Dataset entries below:

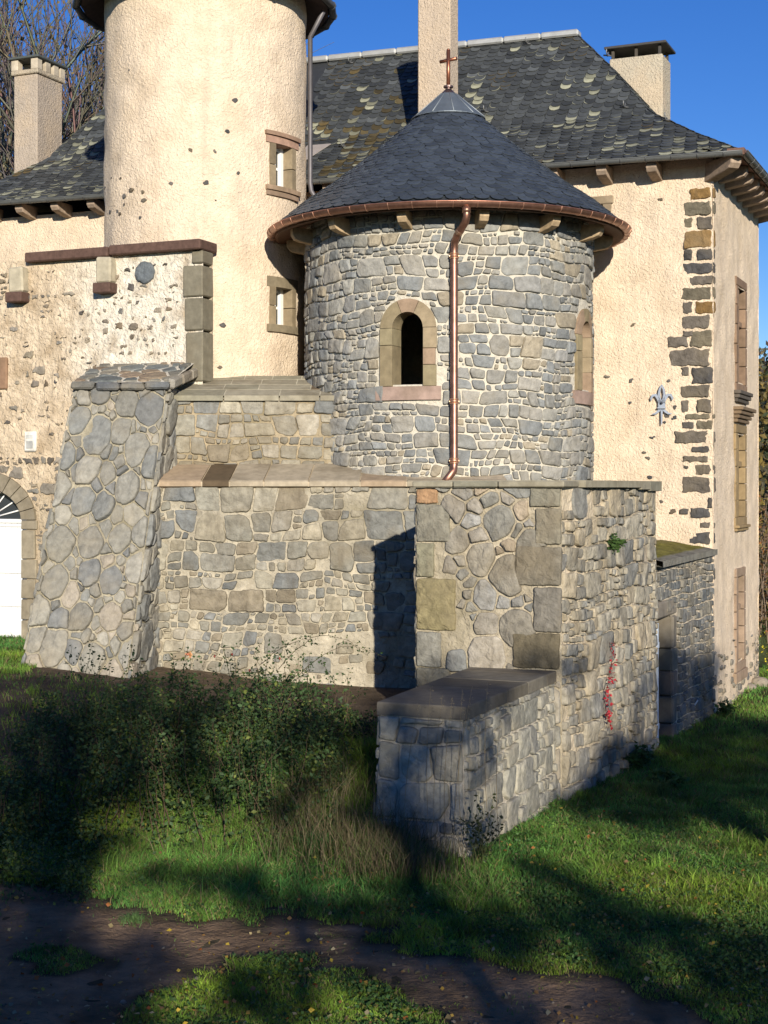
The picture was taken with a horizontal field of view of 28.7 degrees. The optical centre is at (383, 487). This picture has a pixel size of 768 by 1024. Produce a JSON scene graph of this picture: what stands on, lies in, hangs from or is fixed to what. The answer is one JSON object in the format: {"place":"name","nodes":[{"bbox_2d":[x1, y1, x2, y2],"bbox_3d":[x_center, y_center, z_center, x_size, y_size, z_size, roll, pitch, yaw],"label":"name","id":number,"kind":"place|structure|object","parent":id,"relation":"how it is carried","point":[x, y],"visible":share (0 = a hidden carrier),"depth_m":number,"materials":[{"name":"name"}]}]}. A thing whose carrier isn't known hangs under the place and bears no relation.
{"place":"outdoors","nodes":[
{"label":"outdoors","id":0,"kind":"place"},
{"bbox_2d":[0,868,710,1023],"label":"dirt path","id":1,"kind":"structure","parent":0,"point":[50,918],"depth_m":12.38,"materials":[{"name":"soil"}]},
{"bbox_2d":[116,907,152,927],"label":"grass tuft","id":2,"kind":"object","parent":1,"relation":"on","point":[133,917],"visible":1,"depth_m":13.73,"materials":[{"name":"green plant"}]},
{"bbox_2d":[0,557,767,1023],"bbox_3d":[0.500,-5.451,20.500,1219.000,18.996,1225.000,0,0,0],"label":"ground","id":3,"kind":"structure","parent":0,"point":[368,701],"depth_m":16.71,"materials":[{"name":"green plant"}]},
{"bbox_2d":[0,19,60,151],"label":"bare tree","id":4,"kind":"object","parent":3,"relation":"on","point":[22,68],"visible":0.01,"depth_m":52.36,"materials":[{"name":"brown plant"}]},
{"bbox_2d":[0,75,82,175],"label":"bare tree","id":5,"kind":"object","parent":3,"relation":"on","point":[9,113],"visible":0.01,"depth_m":42.37,"materials":[{"name":"brown plant"}]},
{"bbox_2d":[0,56,101,170],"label":"bare tree","id":6,"kind":"object","parent":3,"relation":"on","point":[74,87],"visible":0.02,"depth_m":45.92,"materials":[{"name":"brown plant"}]},
{"bbox_2d":[0,1,103,166],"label":"bare tree","id":7,"kind":"object","parent":3,"relation":"on","point":[50,58],"depth_m":52.26,"materials":[{"name":"brown plant"}]},
{"bbox_2d":[0,24,103,170],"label":"bare tree","id":8,"kind":"object","parent":3,"relation":"on","point":[66,87],"depth_m":40.80,"materials":[{"name":"brown plant"}]},
{"bbox_2d":[0,22,103,119],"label":"bare tree","id":9,"kind":"object","parent":3,"relation":"on","point":[49,49],"visible":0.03,"depth_m":54.24,"materials":[{"name":"brown plant"}]},
{"bbox_2d":[0,0,104,174],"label":"bare tree","id":10,"kind":"object","parent":3,"relation":"on","point":[97,33],"visible":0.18,"depth_m":35.77,"materials":[{"name":"brown plant"}]},
{"bbox_2d":[0,0,104,139],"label":"bare tree","id":11,"kind":"object","parent":3,"relation":"on","point":[85,110],"visible":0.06,"depth_m":36.48,"materials":[{"name":"brown plant"}]},
{"bbox_2d":[0,0,104,178],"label":"bare tree","id":12,"kind":"object","parent":3,"relation":"on","point":[5,159],"visible":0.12,"depth_m":39.15,"materials":[{"name":"brown plant"}]},
{"bbox_2d":[0,0,104,179],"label":"bare tree","id":13,"kind":"object","parent":3,"relation":"on","point":[20,28],"visible":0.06,"depth_m":37.59,"materials":[{"name":"brown plant"}]},
{"bbox_2d":[0,0,104,165],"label":"bare tree","id":14,"kind":"object","parent":3,"relation":"on","point":[38,18],"visible":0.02,"depth_m":42.51,"materials":[{"name":"brown plant"}]},
{"bbox_2d":[2,0,104,154],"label":"bare tree","id":15,"kind":"object","parent":3,"relation":"on","point":[72,76],"visible":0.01,"depth_m":57.03,"materials":[{"name":"brown plant"}]},
{"bbox_2d":[3,32,103,160],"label":"bare tree","id":16,"kind":"object","parent":3,"relation":"on","point":[60,60],"depth_m":52.72,"materials":[{"name":"brown plant"}]},
{"bbox_2d":[0,239,216,638],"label":"gateway wall","id":17,"kind":"structure","parent":3,"relation":"on","point":[68,317],"depth_m":26.44,"materials":[{"name":"stone"}]},
{"bbox_2d":[21,362,197,677],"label":"buttress","id":18,"kind":"structure","parent":3,"relation":"on","point":[98,575],"depth_m":23.54,"materials":[{"name":"stone"}]},
{"bbox_2d":[0,42,333,151],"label":"bare tree","id":19,"kind":"object","parent":3,"relation":"on","point":[104,68],"visible":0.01,"depth_m":53.81,"materials":[{"name":"brown plant"}]},
{"bbox_2d":[0,630,387,903],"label":"briar thicket","id":20,"kind":"object","parent":3,"relation":"on","point":[37,725],"visible":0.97,"depth_m":17.14,"materials":[{"name":"green plant"}]},
{"bbox_2d":[71,0,336,377],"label":"stair turret","id":21,"kind":"object","parent":3,"relation":"on","point":[204,101],"visible":0.55,"depth_m":26.03,"materials":[{"name":"paint"}]},
{"bbox_2d":[265,129,300,201],"bbox_3d":[-1.883,-5.686,26.624,0.418,1.123,0.965,0,0,35],"label":"window","id":22,"kind":"structure","parent":21,"relation":"in","point":[283,147],"depth_m":26.70,"materials":[{"name":"stone"}]},
{"bbox_2d":[267,275,298,334],"bbox_3d":[-1.889,-3.221,26.632,0.387,0.972,0.867,0,0,35],"label":"window","id":23,"kind":"structure","parent":21,"relation":"in","point":[282,294],"depth_m":26.73,"materials":[{"name":"stone"}]},
{"bbox_2d":[47,738,501,886],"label":"dry grass","id":24,"kind":"structure","parent":3,"relation":"on","point":[402,860],"depth_m":15.80,"materials":[{"name":"plant"}]},
{"bbox_2d":[290,827,345,855],"bbox_3d":[-0.694,3.752,15.880,0.714,0.278,0.739,0,0,24],"label":"grass tuft","id":25,"kind":"object","parent":3,"relation":"on","point":[309,838],"visible":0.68,"depth_m":15.83,"materials":[{"name":"green plant"}]},
{"bbox_2d":[156,376,506,687],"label":"terrace wall","id":26,"kind":"structure","parent":3,"relation":"on","point":[278,526],"depth_m":23.68,"materials":[{"name":"stone"}]},
{"bbox_2d":[267,48,631,480],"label":"chapel tower","id":27,"kind":"structure","parent":26,"relation":"on","point":[448,241],"depth_m":23.94,"materials":[{"name":"stone"}]},
{"bbox_2d":[0,698,762,1023],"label":"fallen leaves","id":28,"kind":"object","parent":3,"relation":"on","point":[448,1016],"visible":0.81,"depth_m":12.42,"materials":[{"name":"brown plant"}]},
{"bbox_2d":[0,0,767,712],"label":"manor house","id":29,"kind":"structure","parent":3,"relation":"on","point":[676,342],"depth_m":28.15,"materials":[{"name":"paint"}]},
{"bbox_2d":[592,195,613,210],"bbox_3d":[3.772,-4.930,27.381,0.900,0.700,0.300,0,0,23],"label":"window","id":30,"kind":"structure","parent":29,"relation":"in","point":[606,201],"depth_m":27.13,"materials":[{"name":"stone"}]},
{"bbox_2d":[733,566,747,683],"bbox_3d":[6.735,2.620,28.829,0.300,2.160,1.240,0,0,23],"label":"window","id":31,"kind":"structure","parent":29,"relation":"in","point":[739,573],"depth_m":28.93,"materials":[{"name":"stone"}]},
{"bbox_2d":[734,276,752,404],"bbox_3d":[6.800,-2.810,28.877,0.380,2.380,1.380,0,0,23],"label":"window","id":32,"kind":"structure","parent":29,"relation":"in","point":[741,395],"depth_m":29.19,"materials":[{"name":"stone"}]},
{"bbox_2d":[733,406,755,531],"bbox_3d":[6.813,-0.347,28.833,0.440,2.355,1.490,0,0,23],"label":"window","id":33,"kind":"structure","parent":29,"relation":"in","point":[742,415],"depth_m":28.90,"materials":[{"name":"stone"}]},
{"bbox_2d":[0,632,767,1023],"bbox_3d":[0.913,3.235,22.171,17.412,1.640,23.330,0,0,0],"label":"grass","id":34,"kind":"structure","parent":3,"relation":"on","point":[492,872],"depth_m":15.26,"materials":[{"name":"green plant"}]},
{"bbox_2d":[404,704,419,818],"bbox_3d":[0.301,3.074,15.700,0.193,1.647,0.080,0,0,0],"label":"seed stalk","id":35,"kind":"object","parent":3,"relation":"on","point":[408,763],"visible":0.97,"depth_m":15.70,"materials":[{"name":"brown plant"}]},
{"bbox_2d":[426,689,432,855],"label":"seed stalk","id":36,"kind":"object","parent":3,"relation":"on","point":[426,773],"visible":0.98,"depth_m":15.70,"materials":[{"name":"brown plant"}]},
{"bbox_2d":[434,695,443,849],"bbox_3d":[0.583,3.077,15.603,0.125,1.838,0.061,0,0,22],"label":"seed stalk","id":37,"kind":"object","parent":3,"relation":"on","point":[435,762],"visible":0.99,"depth_m":15.60,"materials":[{"name":"brown plant"}]},
{"bbox_2d":[444,697,453,854],"bbox_3d":[0.690,3.102,15.790,0.104,1.780,0.062,0,0,-19],"label":"seed stalk","id":38,"kind":"object","parent":3,"relation":"on","point":[444,784],"visible":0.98,"depth_m":15.80,"materials":[{"name":"brown plant"}]},
{"bbox_2d":[458,689,464,863],"bbox_3d":[0.816,3.049,15.596,0.065,1.906,0.063,0,0,-38],"label":"seed stalk","id":39,"kind":"object","parent":3,"relation":"on","point":[458,772],"visible":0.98,"depth_m":15.60,"materials":[{"name":"brown plant"}]},
{"bbox_2d":[453,693,472,856],"bbox_3d":[0.845,3.049,15.890,0.223,1.891,0.065,0,0,-10],"label":"seed stalk","id":40,"kind":"object","parent":3,"relation":"on","point":[457,777],"visible":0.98,"depth_m":15.90,"materials":[{"name":"brown plant"}]},
{"bbox_2d":[372,667,558,858],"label":"wall","id":41,"kind":"structure","parent":3,"relation":"on","point":[520,704],"depth_m":16.41,"materials":[{"name":"stone"}]},
{"bbox_2d":[459,792,505,867],"bbox_3d":[1.022,3.577,15.616,0.490,0.852,0.503,0,0,0],"label":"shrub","id":42,"kind":"object","parent":3,"relation":"on","point":[481,846],"visible":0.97,"depth_m":15.63,"materials":[{"name":"green plant"}]},
{"bbox_2d":[485,682,490,852],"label":"seed stalk","id":43,"kind":"object","parent":3,"relation":"on","point":[485,776],"visible":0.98,"depth_m":15.80,"materials":[{"name":"brown plant"}]},
{"bbox_2d":[496,720,501,852],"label":"seed stalk","id":44,"kind":"object","parent":3,"relation":"on","point":[496,783],"visible":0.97,"depth_m":15.70,"materials":[{"name":"brown plant"}]},
{"bbox_2d":[413,480,661,802],"bbox_3d":[2.310,2.027,21.451,2.344,4.245,4.616,0,0,24],"label":"stone bastion","id":45,"kind":"object","parent":3,"relation":"on","point":[525,574],"visible":0.71,"depth_m":19.65,"materials":[{"name":"grey stone"}]},
{"bbox_2d":[603,641,616,729],"bbox_3d":[3.094,2.687,20.387,0.199,1.210,0.520,0,0,16],"label":"red creeper","id":46,"kind":"object","parent":45,"relation":"attached to","point":[608,712],"visible":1,"depth_m":20.35,"materials":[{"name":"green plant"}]},
{"bbox_2d":[607,533,626,553],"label":"wall plant","id":47,"kind":"object","parent":45,"relation":"attached to","point":[615,543],"depth_m":20.63,"materials":[{"name":"green plant"}]},
{"bbox_2d":[560,862,597,880],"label":"grass tuft","id":48,"kind":"object","parent":3,"relation":"on","point":[576,871],"visible":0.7,"depth_m":15.37,"materials":[{"name":"green plant"}]},
{"bbox_2d":[624,740,656,768],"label":"nettle clump","id":49,"kind":"object","parent":3,"relation":"on","point":[639,757],"visible":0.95,"depth_m":21.16,"materials":[{"name":"green plant"}]},
{"bbox_2d":[646,767,691,787],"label":"weed tuft","id":50,"kind":"object","parent":3,"relation":"on","point":[661,773],"visible":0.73,"depth_m":19.84,"materials":[{"name":"green plant"}]},
{"bbox_2d":[656,540,717,744],"bbox_3d":[4.081,2.540,25.157,2.187,3.220,3.756,0,0,25],"label":"doorway wall","id":51,"kind":"structure","parent":3,"relation":"on","point":[685,668],"depth_m":24.70,"materials":[{"name":"stone"}]},
{"bbox_2d":[656,623,658,744],"bbox_3d":[4.040,3.055,23.204,0.440,1.930,0.065,0,0,30],"label":"door","id":52,"kind":"structure","parent":51,"relation":"in","point":[657,669],"depth_m":23.09,"materials":[{"name":"paint"}]},
{"bbox_2d":[713,697,740,716],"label":"corner weed","id":53,"kind":"object","parent":3,"relation":"on","point":[726,709],"visible":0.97,"depth_m":26.03,"materials":[{"name":"green plant"}]},
{"bbox_2d":[747,683,755,689],"bbox_3d":[7.212,3.931,29.593,0.272,0.133,0.274,0,0,27],"label":"boulder","id":54,"kind":"object","parent":3,"relation":"on","point":[751,685],"visible":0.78,"depth_m":29.49,"materials":[{"name":"stone"}]},
{"bbox_2d":[751,677,767,686],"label":"boulder","id":55,"kind":"object","parent":3,"relation":"on","point":[759,680],"visible":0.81,"depth_m":29.97,"materials":[{"name":"stone"}]},
{"bbox_2d":[757,629,767,670],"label":"yellow shrub","id":56,"kind":"object","parent":3,"relation":"on","point":[763,647],"visible":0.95,"depth_m":30.29,"materials":[{"name":"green plant"}]},
{"bbox_2d":[759,482,767,643],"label":"autumn hedge","id":57,"kind":"object","parent":3,"relation":"on","point":[763,585],"visible":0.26,"depth_m":37.03,"materials":[{"name":"brown plant"}]},
{"bbox_2d":[0,0,767,360],"label":"sky","id":58,"kind":"structure","parent":0,"point":[719,65],"materials":[{"name":"blue"}]},
{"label":"hillside","id":59,"kind":"structure","parent":0,"visible":0},
{"bbox_2d":[759,341,767,577],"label":"woodland","id":60,"kind":"object","parent":59,"relation":"on","point":[763,419],"visible":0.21,"depth_m":77.48,"materials":[{"name":"brown plant"}]}
]}

End of Dataset entries.

* Task:
Find every line above that contains the word "attached", and return each one.

* Task answer:
{"bbox_2d":[603,641,616,729],"bbox_3d":[3.094,2.687,20.387,0.199,1.210,0.520,0,0,16],"label":"red creeper","id":46,"kind":"object","parent":45,"relation":"attached to","point":[608,712],"visible":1,"depth_m":20.35,"materials":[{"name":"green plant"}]},
{"bbox_2d":[607,533,626,553],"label":"wall plant","id":47,"kind":"object","parent":45,"relation":"attached to","point":[615,543],"depth_m":20.63,"materials":[{"name":"green plant"}]},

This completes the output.